**WHAT IS BEING ASKED:** Look below for the line containing "Q: Is the text underlined? A: No."; from there, print each line exactly up to and including the line containing "Q: Monospaced? A: No.", and stop.

**EXTRACTED INFORMATION:**
"""

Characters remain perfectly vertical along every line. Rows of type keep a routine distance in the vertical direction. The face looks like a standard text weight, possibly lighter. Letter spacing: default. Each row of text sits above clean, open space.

"""
"""

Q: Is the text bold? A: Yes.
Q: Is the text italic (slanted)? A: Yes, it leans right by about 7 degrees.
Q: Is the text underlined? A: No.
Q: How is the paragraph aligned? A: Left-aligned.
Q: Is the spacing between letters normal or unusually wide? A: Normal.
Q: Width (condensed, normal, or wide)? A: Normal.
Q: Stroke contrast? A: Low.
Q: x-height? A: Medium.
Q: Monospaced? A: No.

"""
"""

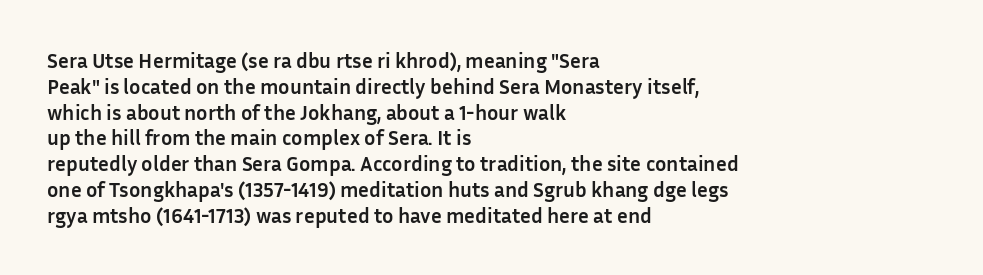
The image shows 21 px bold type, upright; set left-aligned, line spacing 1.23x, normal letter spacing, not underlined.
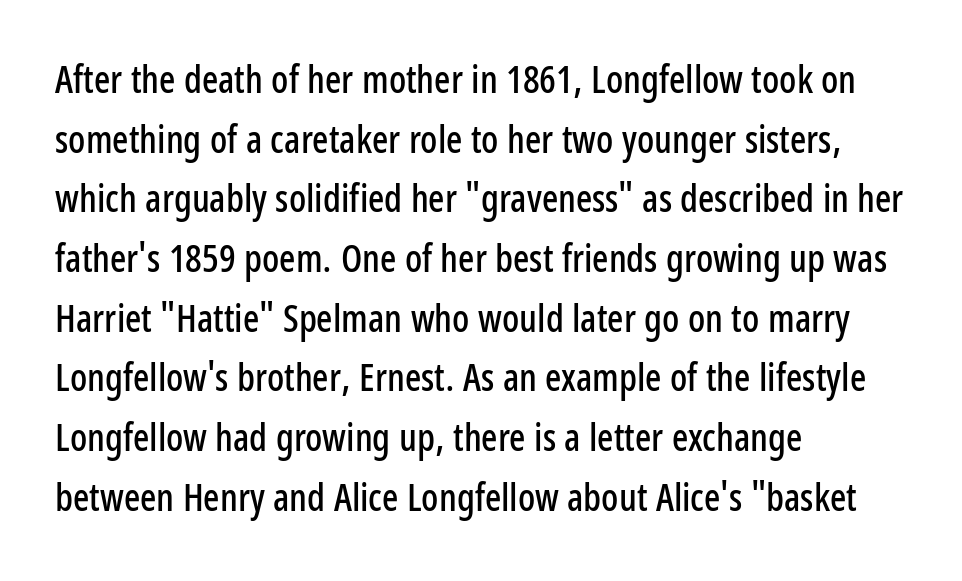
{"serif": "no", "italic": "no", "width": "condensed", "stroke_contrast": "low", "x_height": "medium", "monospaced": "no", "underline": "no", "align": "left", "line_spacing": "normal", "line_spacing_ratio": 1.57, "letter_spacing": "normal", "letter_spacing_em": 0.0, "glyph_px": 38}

"""

**SOLUTION:**
Q: Is the text underlined? A: No.
Q: How is the paragraph aligned? A: Left-aligned.
Q: Is the spacing between letters normal or unusually wide? A: Normal.
Q: Width (condensed, normal, or wide)? A: Normal.
Q: Stroke contrast? A: Low.
Q: x-height? A: Medium.
Q: Monospaced? A: No.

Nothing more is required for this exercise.